York City Football Club, a professional association football club based in York, North Yorkshire, England, was founded in 1922. They were elected to play in the Midland League for the 1922–23 season. After seven seasons in the Midland League, York were elected to play in the Football League in 1929 and were placed in the Third Division North. The team reached the semi-final of the 1954–55 FA Cup, and were defeated by eventual winners Newcastle United in a replay, which is the furthest the club have reached in the competition. York played in the Third Division North until the 1958–59 season, when they were placed in the Fourth Division on league reorganisation. They won the first promotion in their history this season, after finishing third in the Fourth Division.

York were promoted to the Second Division in 1974 and the 1974–75 season saw them achieve their highest league placing after finishing in 15th place. Two successive relegations and a finish of 22nd in the Fourth Division saw the club apply for re-election to the Football League at the end of the 1977–78 season. York won their first and only title after finishing first in the Fourth Division in the 1983–84 season with 101 points, becoming the first team to reach a three-figure points total in a Football League season. The club's first play-off success came in the 1992–93 season, against Crewe Alexandra in the final. After a 1–1 extra-time draw, York won 5–3 in a penalty shoot-out at Wembley Stadium to earn promotion to the Second Division. The following season saw York compete in the Second Division play-off semi-final, where they were beaten 1–0 on aggregate by Stockport County.

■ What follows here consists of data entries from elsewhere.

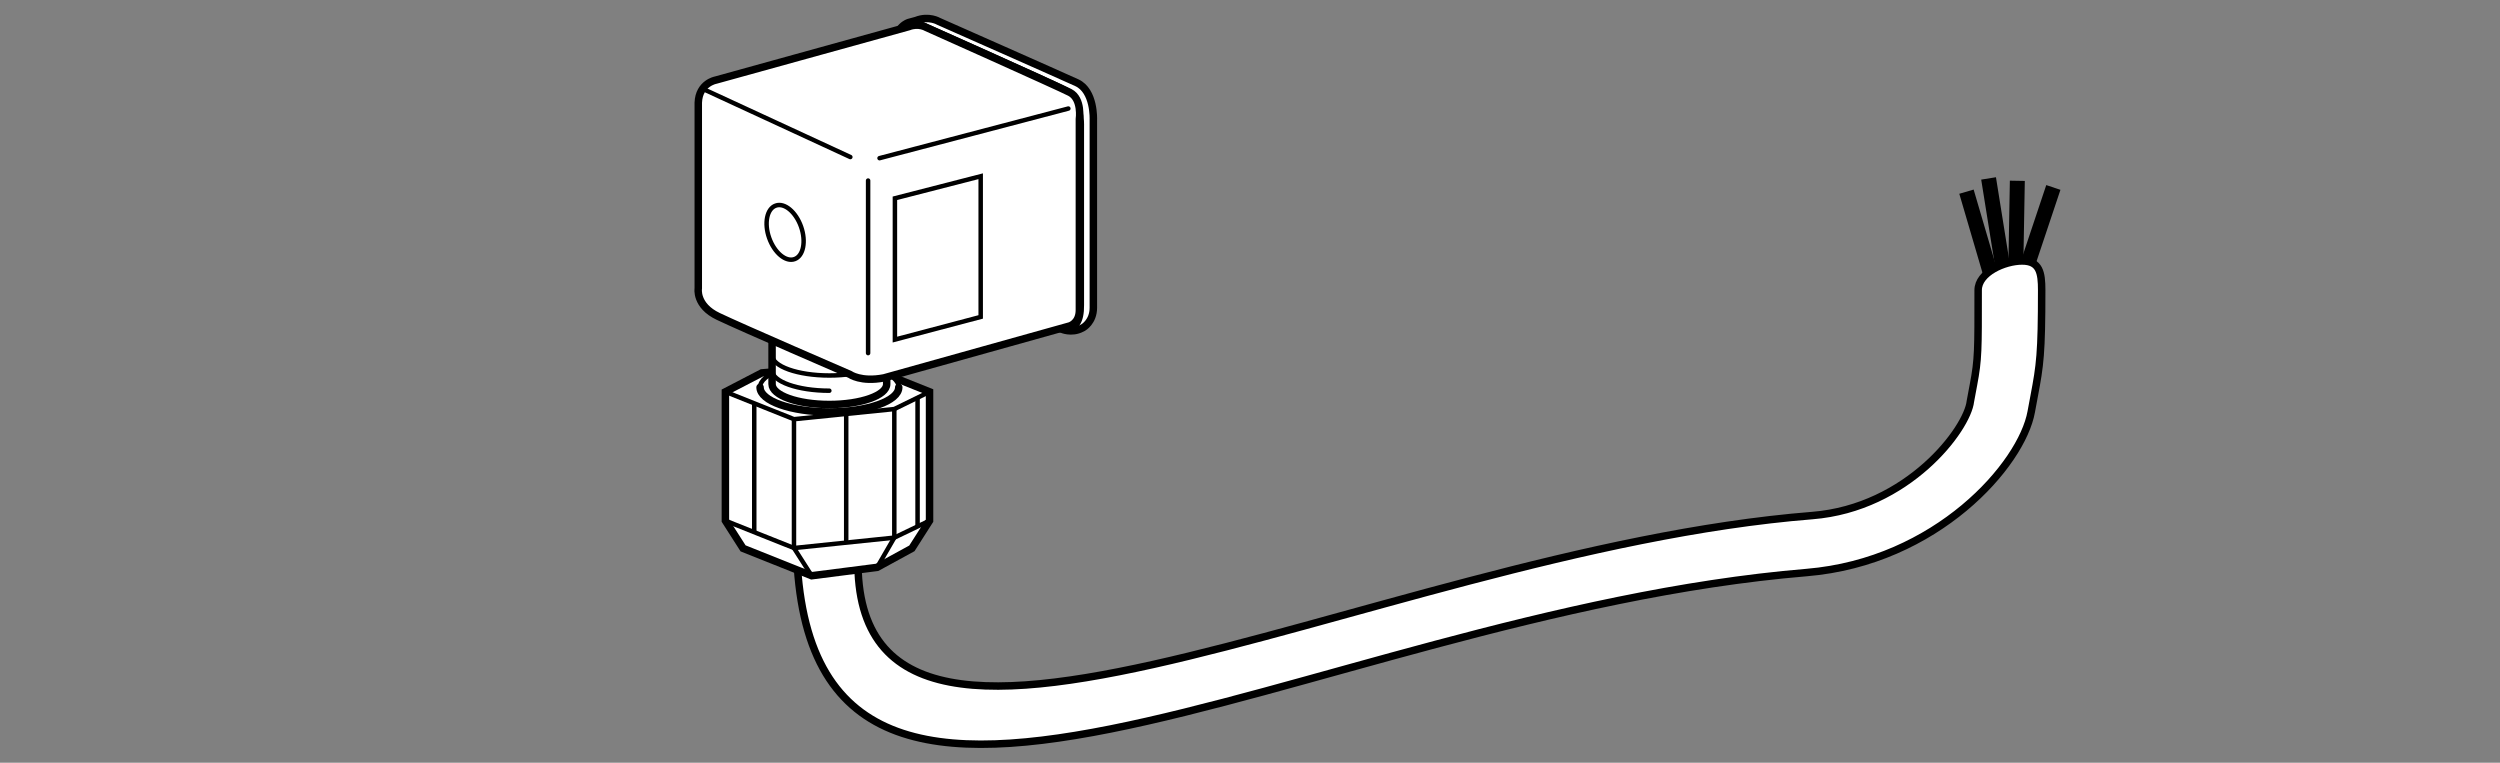 <?xml version="1.0" encoding="iso-8859-1"?>
<!-- Generator: Adobe Illustrator 23.1.1, SVG Export Plug-In . SVG Version: 6.00 Build 0)  -->
<svg version="1.1" xmlns="http://www.w3.org/2000/svg" xmlns:xlink="http://www.w3.org/1999/xlink" x="0px" y="0px"
	 viewBox="0 0 167.244 51.024" style="enable-background:new 0 0 167.244 51.024;" xml:space="preserve">
<rect x="0" y="0" width="167.244" height="51.024" fill="#808080" stroke="none"/>
<g id="Hintergrund" style="display:none;">
	<rect x="0" style="display:inline;fill:#CCCCCC;" width="167.244" height="51.024"/>
</g>
<g id="Ebene_1">
</g>
<g id="Anschlusskabel">
	<line style="fill:#FFFFFF;stroke:#000000;" x1="135.658" y1="17.644" x2="137.364" y2="12.54"/>
	<line style="fill:#FFFFFF;stroke:#000000;" x1="134.853" y1="17.847" x2="134.955" y2="12.095"/>
	<line style="fill:#FFFFFF;stroke:#000000;" x1="134.021" y1="18.118" x2="133.031" y2="11.936"/>
	<line style="fill:#FFFFFF;stroke:#000000;" x1="133.364" y1="18.999" x2="131.552" y2="12.822"/>
	<path style="fill:#FFFFFF;stroke:#000000;stroke-width:0.5;" d="M53.283,35.343c-0.43,29.054,33.899,5.766,67.574,2.959
		c8.713-0.726,14.395-7.224,15.029-10.758l0.198-1.064c0.388-2.048,0.5-2.827,0.5-7.071c0-1.174-0.137-1.95-1.311-1.95
		c-1.174,0-2.939,0.776-2.939,1.95c0,4.033,0.013,4.602-0.313,6.328l-0.206,1.106c-0.204,1.853-4.172,7.135-10.581,7.647
		c-29.955,2.392-66.375,23.887-63.701,0.853c0.135-1.165-0.951-2.125-2.125-2.125C54.234,33.218,53.3,34.17,53.283,35.343z"/>
</g>
<g id="Geraetesteckdose">
	<g>
		<g>
			<g>
				<path style="fill:#FFFFFF;stroke:#000000;stroke-width:0.5;" d="M72.464,21.912c0,0,0.679-0.377,0.679-1.324
					c0-1.164,0-12.585,0-12.585s0.086-1.922-1.104-2.469c-1.122-0.514-9.237-4.101-9.237-4.101s-0.66-0.4-1.523-0.061l-0.48,0.13
					c0,0-0.957,0.265-0.917,1.627v12.222c0,0-0.159,1.521,1.375,2.251c2.01,0.957,9.748,4.409,9.748,4.409s0.668,0.315,1.37-0.053
					L72.464,21.912z"/>
			</g>
			<path style="fill:none;stroke:#000000;stroke-width:0.3;" d="M70.788,21.91c0,0,1.61,0.794,1.583-1.5c0-1.165,0-11.996,0-11.996
				s0.086-1.92-1.134-2.483c-1.097-0.564-9.383-4.252-9.383-4.252s-0.524-0.336-1.386,0.003"/>
			<path style="fill:none;stroke:#000000;stroke-width:0.3;" d="M60.384,3.146v11.958c0,0-0.209,1.394,1.126,2.03
				c1.893,0.901,9.397,4.264,9.397,4.264s1.014,0.536,1.014-0.95c0-1.096,0-12.077,0-12.077s0.11-1.58-1.072-2.18
				c-1.034-0.531-8.891-4.037-8.891-4.037S60.433,1.359,60.384,3.146z"/>
			<path style="fill:none;stroke:#000000;stroke-width:0.3;" d="M61.563,2.013c-0.286,0.108-0.528,0.406-0.548,1.094"/>
			<path style="fill:none;stroke:#000000;stroke-width:0.3;" d="M71.33,20.912c0,0,0.248,0.13,0.496,0.08"/>
			<path style="fill:none;stroke:#000000;stroke-width:0.3;" d="M62.12,16.734c1.853,0.882,9.21,4.179,9.21,4.179"/>
			<path style="fill:none;stroke:#000000;stroke-width:0.3;" d="M61.015,14.744c0,0-0.204,1.366,1.105,1.99"/>
			<line style="fill:none;stroke:#000000;stroke-width:0.3;" x1="61.015" y1="3.107" x2="61.015" y2="14.744"/>
			<polygon style="stroke:#000000;stroke-width:0.3;stroke-linecap:round;" points="61.015,5.291 61.723,5.601 61.723,3.863 
				61.015,3.552 			"/>
			<g>
				<polygon style="fill:none;stroke:#000000;stroke-width:0.5;stroke-linecap:round;stroke-linejoin:round;" points="
					62.648,12.097 62.648,7.712 61.981,7.402 61.981,11.785 				"/>
				<polygon style="fill:none;stroke:#000000;stroke-width:0.5;stroke-linecap:round;stroke-linejoin:round;" points="
					70.828,14.634 70.829,11.952 69.621,11.388 69.621,12.258 70.162,12.527 70.162,13.497 69.621,13.215 69.621,14.07 				"/>
				<g>
					
						<line style="fill:none;stroke:#000000;stroke-width:0.3;stroke-linecap:round;" x1="64.524" y1="10.14" x2="68.688" y2="9.06"/>
					
						<line style="fill:none;stroke:#000000;stroke-width:0.3;stroke-linecap:round;" x1="63.667" y1="9.712" x2="67.786" y2="8.628"/>
					
						<line style="fill:none;stroke:#000000;stroke-width:0.5;stroke-linecap:round;" x1="65.906" y1="13.541" x2="68.738" y2="12.85"/>
					
						<line style="fill:none;stroke:#000000;stroke-width:0.3;stroke-linecap:round;" x1="66.539" y1="13.837" x2="68.738" y2="13.3"/>
					
						<line style="fill:none;stroke:#000000;stroke-width:0.5;stroke-linecap:round;" x1="64.524" y1="10.775" x2="68.74" y2="9.666"/>
					
						<line style="fill:none;stroke:#000000;stroke-width:0.5;stroke-linecap:round;" x1="67.863" y1="11.633" x2="68.738" y2="11.419"/>
					<polygon style="fill:none;stroke:#000000;stroke-width:0.5;stroke-linecap:round;stroke-linejoin:round;" points="
						68.74,15.743 68.738,12.711 67.863,12.266 67.863,11.633 68.738,12.077 68.742,9.074 66.539,8.048 66.539,8.903 65.906,8.608 
						65.906,7.752 63.667,6.706 63.667,9.712 64.524,10.14 64.524,10.775 63.667,10.345 63.667,13.375 65.906,14.418 65.906,13.541 
						66.539,13.837 66.541,14.713 					"/>
					
						<line style="fill:none;stroke:#000000;stroke-width:0.5;stroke-linecap:round;" x1="66.51" y1="8.905" x2="67.711" y2="8.592"/>
					
						<line style="fill:none;stroke:#000000;stroke-width:0.3;stroke-linecap:round;" x1="63.667" y1="13.375" x2="67.831" y2="12.292"/>
					
						<line style="fill:none;stroke:#000000;stroke-width:0.3;stroke-linecap:round;" x1="66.494" y1="14.646" x2="68.738" y2="14.062"/>
				</g>
				<path style="fill:none;stroke:#000000;stroke-width:0.5;stroke-linecap:round;stroke-linejoin:round;" d="M67.385,6.16v1.351
					l-0.775-0.329v-0.58c-0.002-0.069-0.647-0.309-0.647-0.309v0.581l-0.747-0.342V5.17L67.385,6.16z"/>
				<path style="fill:none;stroke:#000000;stroke-width:0.5;stroke-linecap:round;stroke-linejoin:round;" d="M65.059,16.435v-1.351
					l0.776,0.329v0.581c0,0.067,0.644,0.309,0.644,0.309v-0.58l0.749,0.341v1.361L65.059,16.435z"/>
			</g>
		</g>
		<g>
			<path style="fill-rule:evenodd;clip-rule:evenodd;fill:none;stroke:#000000;stroke-width:0.3;stroke-linecap:round;" d="
				M59.319,21.676c0,0.75-1.721,1.359-3.838,1.359c-2.117,0-3.83-0.609-3.83-1.359"/>
			<path style="fill-rule:evenodd;clip-rule:evenodd;fill:none;stroke:#000000;stroke-width:0.3;stroke-linecap:round;" d="
				M59.319,22.968c0,0.751-1.721,1.361-3.838,1.361c-2.117,0-3.83-0.609-3.83-1.361"/>
			<g>
				<polygon style="fill:#FFFFFF;stroke:#000000;stroke-width:0.5;" points="62.184,26.211 57.597,24.381 50.965,24.946 
					48.527,26.211 48.527,34.833 49.71,36.684 54.298,38.516 58.676,37.955 61.003,36.684 62.184,34.833 				"/>
				<polyline style="fill:#FFFFFF;stroke:#000000;stroke-width:0.3;" points="54.298,38.516 53.115,36.662 53.115,28.043 				"/>
				<polyline style="fill:#FFFFFF;stroke:#000000;stroke-width:0.3;" points="58.676,37.955 59.827,35.966 59.827,27.364 				"/>
				<polyline style="fill:none;stroke:#000000;stroke-width:0.3;" points="48.527,34.833 53.115,36.662 59.827,35.966 
					62.184,34.833 				"/>
				<polyline style="fill:none;stroke:#000000;stroke-width:0.3;" points="48.527,26.211 53.115,28.043 59.827,27.364 
					62.184,26.211 				"/>
				<line style="fill:#FFFFFF;stroke:#000000;stroke-width:0.3;" x1="50.457" y1="35.592" x2="50.457" y2="26.973"/>
				<line style="fill:#FFFFFF;stroke:#000000;stroke-width:0.3;" x1="56.609" y1="36.217" x2="56.609" y2="27.598"/>
				<line style="fill:#FFFFFF;stroke:#000000;stroke-width:0.3;" x1="61.383" y1="35.203" x2="61.383" y2="26.58"/>
				<path style="fill-rule:evenodd;clip-rule:evenodd;fill:#FFFFFF;stroke:#000000;stroke-width:0.3;stroke-linecap:round;" d="
					M50.846,25.91c0-0.911,2.073-1.647,4.634-1.647c2.565,0,4.643,0.736,4.643,1.647"/>
				<path style="fill-rule:evenodd;clip-rule:evenodd;fill:#FFFFFF;stroke:#000000;stroke-width:0.5;stroke-linecap:round;" d="
					M60.124,25.91c0,0.907-2.079,1.646-4.643,1.646c-2.562,0-4.634-0.739-4.634-1.646"/>
				<path style="fill-rule:evenodd;clip-rule:evenodd;fill:#FFFFFF;stroke:#000000;stroke-width:0.5;stroke-linecap:round;" d="
					M51.65,25.694v-4.45c0-0.751,1.713-1.364,3.83-1.364c2.118,0,3.838,0.613,3.838,1.364v4.45c0,0.756-1.721,1.365-3.838,1.365
					C53.364,27.059,51.65,26.45,51.65,25.694z"/>
				<path style="fill-rule:evenodd;clip-rule:evenodd;fill:none;stroke:#000000;stroke-width:0.3;stroke-linecap:round;" d="
					M59.319,23.759c0,0.751-1.721,1.361-3.838,1.361c-2.117,0-3.83-0.609-3.83-1.361"/>
				<path style="fill-rule:evenodd;clip-rule:evenodd;fill:none;stroke:#000000;stroke-width:0.3;stroke-linecap:round;" d="
					M55.48,26.138c-2.117,0-3.83-0.613-3.83-1.363"/>
			</g>
		</g>
		<path style="fill-rule:evenodd;clip-rule:evenodd;fill:none;stroke:#000000;stroke-width:0.3;stroke-linecap:round;" d="
			M63.716,24.847"/>
		<path style="fill-rule:evenodd;clip-rule:evenodd;fill:none;stroke:#000000;stroke-width:0.3;stroke-linecap:round;" d="
			M63.716,25.639"/>
		<g>
			<path style="fill:#FFFFFF;stroke:#000000;stroke-width:0.5;" d="M71.556,21.806c0,0,0.652-0.18,0.652-1.065
				c0-0.891,0-12.77,0-12.77s0.198-1.355-0.637-1.788c-0.838-0.429-9.612-4.349-9.612-4.349s-0.508-0.305-1.164-0.049L47.873,5.362
				c0,0-1.111,0.199-1.16,1.505v12.425c0,0-0.198,1.15,1.337,1.876c1.536,0.735,8.8,3.876,8.8,3.876s0.739,0.535,2.284,0.236
				L71.556,21.806z"/>
			<path style="fill:none;stroke:#000000;stroke-width:0.3;" d="M53.589,15.165c0.349,0.993,0.152,1.965-0.435,2.169
				c-0.589,0.21-1.348-0.428-1.698-1.417c-0.349-0.987-0.149-1.958,0.437-2.161C52.48,13.541,53.24,14.178,53.589,15.165z"/>
			
				<line style="fill:none;stroke:#000000;stroke-width:0.3;stroke-linecap:round;" x1="56.885" y1="10.505" x2="47.231" y2="6.044"/>
			<line style="fill:none;stroke:#000000;stroke-width:0.3;stroke-linecap:round;" x1="58.839" y1="10.581" x2="71.47" y2="7.261"/>
			
				<line style="fill:none;stroke:#000000;stroke-width:0.3;stroke-linecap:round;" x1="58.074" y1="12.08" x2="58.074" y2="23.622"/>
			<polygon style="fill:none;stroke:#000000;stroke-width:0.3;" points="59.867,13.265 59.867,22.718 65.606,21.201 65.606,11.79 
							"/>
		</g>
	</g>
</g>
</svg>

York were relegated to the Conference National after finishing bottom of the Third Division in the 2003–04 season, ending 75 years of Football League membership. The team reached the 2009 FA Trophy final in 2008–09, which was played at the new Wembley Stadium, where York were beaten 2–0 by Stevenage Borough. The 2011–12 season concluded with two victories at Wembley; after Newport County were defeated 2–0 in the 2012 FA Trophy final, York's Football League status was restored with a 2–1 victory over Luton Town in the 2012 Conference Premier play-off final. The club endured successive relegations from League Two to the National League North in the 2015–16 and 2016–17 seasons, but finished the latter with a 3–2 win over Macclesfield Town at Wembley in the 2017 FA Trophy final. York spent five years in the National League North, being promoted to the National League via the play-offs in the 2021–22 season. York returned to the Football League after a ten-year absence by winning the 2025–26 National League with 108 points—the highest seasonal points tally in the club's history.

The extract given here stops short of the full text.